Data to use section start

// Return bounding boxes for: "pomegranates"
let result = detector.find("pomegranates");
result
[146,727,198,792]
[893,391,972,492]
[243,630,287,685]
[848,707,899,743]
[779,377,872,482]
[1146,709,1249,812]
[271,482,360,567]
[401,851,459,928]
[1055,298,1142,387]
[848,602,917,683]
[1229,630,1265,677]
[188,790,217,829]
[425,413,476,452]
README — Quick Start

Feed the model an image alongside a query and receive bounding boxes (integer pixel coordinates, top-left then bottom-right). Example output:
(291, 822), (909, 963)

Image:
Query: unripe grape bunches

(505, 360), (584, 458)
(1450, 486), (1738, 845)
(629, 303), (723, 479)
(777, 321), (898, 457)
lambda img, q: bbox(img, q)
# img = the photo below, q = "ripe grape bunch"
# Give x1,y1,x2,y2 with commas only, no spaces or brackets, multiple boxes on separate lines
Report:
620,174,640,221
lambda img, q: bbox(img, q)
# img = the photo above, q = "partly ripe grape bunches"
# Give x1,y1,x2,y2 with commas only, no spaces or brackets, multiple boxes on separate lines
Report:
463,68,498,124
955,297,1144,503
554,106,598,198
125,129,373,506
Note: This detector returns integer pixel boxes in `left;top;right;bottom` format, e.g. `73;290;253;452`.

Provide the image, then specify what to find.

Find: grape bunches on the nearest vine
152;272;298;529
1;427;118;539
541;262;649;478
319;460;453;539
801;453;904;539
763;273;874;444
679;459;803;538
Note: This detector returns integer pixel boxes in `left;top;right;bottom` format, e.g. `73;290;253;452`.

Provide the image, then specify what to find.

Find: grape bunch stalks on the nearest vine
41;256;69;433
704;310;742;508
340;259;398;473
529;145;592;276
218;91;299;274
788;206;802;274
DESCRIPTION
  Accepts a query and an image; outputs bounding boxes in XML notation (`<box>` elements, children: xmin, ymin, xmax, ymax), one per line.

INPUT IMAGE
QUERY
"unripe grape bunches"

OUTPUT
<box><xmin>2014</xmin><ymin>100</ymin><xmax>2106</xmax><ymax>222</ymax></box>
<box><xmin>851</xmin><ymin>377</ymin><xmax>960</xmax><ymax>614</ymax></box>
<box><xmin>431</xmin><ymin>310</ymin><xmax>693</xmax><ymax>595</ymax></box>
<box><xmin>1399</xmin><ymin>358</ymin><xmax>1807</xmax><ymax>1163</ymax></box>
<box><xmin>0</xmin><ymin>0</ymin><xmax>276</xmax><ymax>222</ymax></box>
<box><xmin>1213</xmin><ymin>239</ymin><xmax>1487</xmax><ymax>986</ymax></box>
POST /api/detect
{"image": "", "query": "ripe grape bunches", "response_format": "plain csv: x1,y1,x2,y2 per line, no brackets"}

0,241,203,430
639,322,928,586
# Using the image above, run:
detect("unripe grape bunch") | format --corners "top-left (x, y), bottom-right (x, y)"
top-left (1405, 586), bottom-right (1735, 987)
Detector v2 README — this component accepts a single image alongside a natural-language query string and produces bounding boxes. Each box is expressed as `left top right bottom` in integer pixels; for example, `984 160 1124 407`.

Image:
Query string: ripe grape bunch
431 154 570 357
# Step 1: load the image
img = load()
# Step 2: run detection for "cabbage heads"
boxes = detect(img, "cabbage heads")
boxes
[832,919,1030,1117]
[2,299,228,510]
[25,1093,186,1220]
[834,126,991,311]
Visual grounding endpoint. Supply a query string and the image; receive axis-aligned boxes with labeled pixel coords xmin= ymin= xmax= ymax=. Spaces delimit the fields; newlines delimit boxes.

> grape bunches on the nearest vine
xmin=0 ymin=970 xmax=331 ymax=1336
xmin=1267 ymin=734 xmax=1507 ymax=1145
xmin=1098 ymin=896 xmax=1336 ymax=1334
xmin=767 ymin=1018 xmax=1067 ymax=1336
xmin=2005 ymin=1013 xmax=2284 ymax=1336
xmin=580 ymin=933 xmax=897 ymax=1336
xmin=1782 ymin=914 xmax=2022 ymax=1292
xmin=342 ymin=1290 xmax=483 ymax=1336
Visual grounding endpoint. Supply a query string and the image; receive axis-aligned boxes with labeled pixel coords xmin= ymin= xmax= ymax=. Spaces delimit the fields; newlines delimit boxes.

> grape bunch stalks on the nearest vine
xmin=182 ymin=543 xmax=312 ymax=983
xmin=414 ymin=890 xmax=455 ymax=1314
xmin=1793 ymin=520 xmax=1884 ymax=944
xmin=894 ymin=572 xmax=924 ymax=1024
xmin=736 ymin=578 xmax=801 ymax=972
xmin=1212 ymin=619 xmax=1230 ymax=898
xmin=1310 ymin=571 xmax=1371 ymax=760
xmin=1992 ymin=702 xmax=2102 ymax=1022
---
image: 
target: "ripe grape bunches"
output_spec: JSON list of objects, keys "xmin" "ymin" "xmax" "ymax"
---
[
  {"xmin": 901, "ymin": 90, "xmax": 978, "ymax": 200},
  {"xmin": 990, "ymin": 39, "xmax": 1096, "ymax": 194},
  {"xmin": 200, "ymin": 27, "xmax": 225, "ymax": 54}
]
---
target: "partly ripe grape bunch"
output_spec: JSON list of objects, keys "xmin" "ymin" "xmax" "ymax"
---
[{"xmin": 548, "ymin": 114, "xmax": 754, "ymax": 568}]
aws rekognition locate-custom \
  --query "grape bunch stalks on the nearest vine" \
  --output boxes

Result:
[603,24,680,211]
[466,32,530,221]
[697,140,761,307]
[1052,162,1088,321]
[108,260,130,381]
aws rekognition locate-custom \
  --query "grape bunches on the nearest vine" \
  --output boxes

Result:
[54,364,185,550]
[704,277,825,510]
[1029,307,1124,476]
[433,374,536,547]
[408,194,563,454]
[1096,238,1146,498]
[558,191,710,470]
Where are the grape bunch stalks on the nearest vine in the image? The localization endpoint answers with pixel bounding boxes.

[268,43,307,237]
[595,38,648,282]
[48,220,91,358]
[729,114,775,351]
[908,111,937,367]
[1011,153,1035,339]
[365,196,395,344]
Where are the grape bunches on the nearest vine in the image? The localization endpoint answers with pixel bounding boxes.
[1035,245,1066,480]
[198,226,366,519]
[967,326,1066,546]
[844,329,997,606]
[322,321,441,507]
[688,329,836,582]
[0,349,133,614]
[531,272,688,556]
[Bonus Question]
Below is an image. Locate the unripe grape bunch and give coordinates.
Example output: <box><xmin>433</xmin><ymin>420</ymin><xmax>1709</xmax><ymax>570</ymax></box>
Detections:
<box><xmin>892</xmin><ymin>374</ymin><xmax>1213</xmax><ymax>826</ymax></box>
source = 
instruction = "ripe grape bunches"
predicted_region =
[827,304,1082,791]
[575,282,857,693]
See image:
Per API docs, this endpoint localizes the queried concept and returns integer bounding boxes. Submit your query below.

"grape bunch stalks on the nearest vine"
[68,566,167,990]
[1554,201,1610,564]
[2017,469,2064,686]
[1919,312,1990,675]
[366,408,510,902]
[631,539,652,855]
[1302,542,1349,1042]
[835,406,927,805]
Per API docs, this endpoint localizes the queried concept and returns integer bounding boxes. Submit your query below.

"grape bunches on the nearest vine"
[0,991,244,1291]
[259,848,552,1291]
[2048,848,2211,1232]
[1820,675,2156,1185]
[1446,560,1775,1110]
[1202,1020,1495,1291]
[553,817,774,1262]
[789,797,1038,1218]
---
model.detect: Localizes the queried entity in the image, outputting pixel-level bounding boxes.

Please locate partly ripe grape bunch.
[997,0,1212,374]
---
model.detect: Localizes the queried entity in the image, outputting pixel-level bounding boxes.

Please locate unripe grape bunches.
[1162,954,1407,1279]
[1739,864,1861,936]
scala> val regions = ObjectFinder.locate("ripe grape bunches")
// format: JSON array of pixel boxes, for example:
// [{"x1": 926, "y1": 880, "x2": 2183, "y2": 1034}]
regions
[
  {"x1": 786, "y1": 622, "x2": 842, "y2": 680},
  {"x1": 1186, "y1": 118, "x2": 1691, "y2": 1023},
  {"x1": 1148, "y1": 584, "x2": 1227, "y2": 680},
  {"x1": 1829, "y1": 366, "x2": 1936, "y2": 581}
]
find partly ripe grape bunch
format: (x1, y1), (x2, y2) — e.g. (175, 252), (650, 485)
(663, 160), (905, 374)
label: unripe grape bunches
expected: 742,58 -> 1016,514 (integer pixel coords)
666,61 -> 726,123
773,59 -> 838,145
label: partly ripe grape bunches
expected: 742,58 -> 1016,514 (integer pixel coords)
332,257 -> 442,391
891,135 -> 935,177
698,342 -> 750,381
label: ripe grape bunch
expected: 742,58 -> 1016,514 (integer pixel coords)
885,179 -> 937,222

Data to use section end

Find every line in the records above that holds the word "target", and copy each one.

=== Task solution ===
target: "ripe grape bunches"
target: "partly ripe grape bunch"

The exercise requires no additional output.